In parallel, along seismic profiles, tops of isolated carbonate platforms are marked by a rough surface (U1) punctuated by well-developed and various depressions (Fig. 3-5). These depressions, filled by volcanic material, are locally associated to SF1 erosional reflections terminations (Fig. 3A & 4A) suggesting a post-depositional origin. While volcanic processes can locally be discussed (see section 5.3.), such features are commonly interpreted along shallow-water carbonate platforms as karstic formations (e.g. Van Waaserbgen and Winterer,

1993; Betzler et al., 2015). In parallel, Tortonian packstone collected along Bassas da India southern flank (MOZ1-DR20-01, Fig. 11E) and Pliocene wackestone recovered on the Jaguar bank top (MOZ4-DN02-02c, Fig. 12D) are respectively marked by vadose silts and

Micrcocodium structures that typically indicate periods of sub-aerial exposures. Overall, roughs karstic reliefs and depressions along U1 as well as meteoric diagenetic features on carbonate samples evidence episodes of subaerial exposure of South MC isolated carbonate platforms during their terminal evolutions.

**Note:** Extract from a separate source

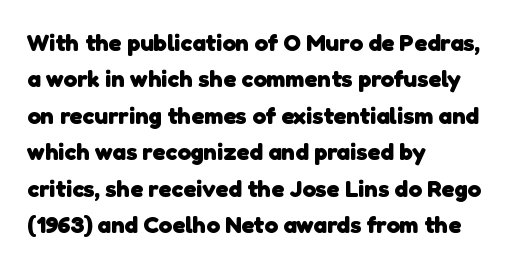
Compared with typical paragraphs, the rows here are spaced about the same. Any mark beneath the type? The region is blank. There is no visible air inserted between adjacent glyphs. Typesetter's note: full bold, strokes at maximum text heaviness. Reading down the block, your eye returns to a fixed left position each line.

5.3.Rejuvenated volcanic activity an tectonic deformation: nature and timing Drowned Miocene carbonate platforms and terraces of the Southern MC are marked by an extensive volcanic cover (e.g. Fig. 3, 7 & 10; Courgeon et al.,2016b) indicating rejuvenated activity along volcanic edifices acting as substratum for shallow-water carbonate sedimentation. Overall, rugged reliefs observed along guyots tops present morphological characteristics of submarine effusive systems. Rough aspect of the sea-floor on bathymetric

DEMs (Fig. 7) reflect typical texture of submarine lava flow morphologies ( McClinton and

White., 2015). The western realm of the Jaguar Bank is typified by lobate lava flow complexes

(see. Gregg and Fink., 1995) that flow and accumulate directly on carbonate platform top (Fig.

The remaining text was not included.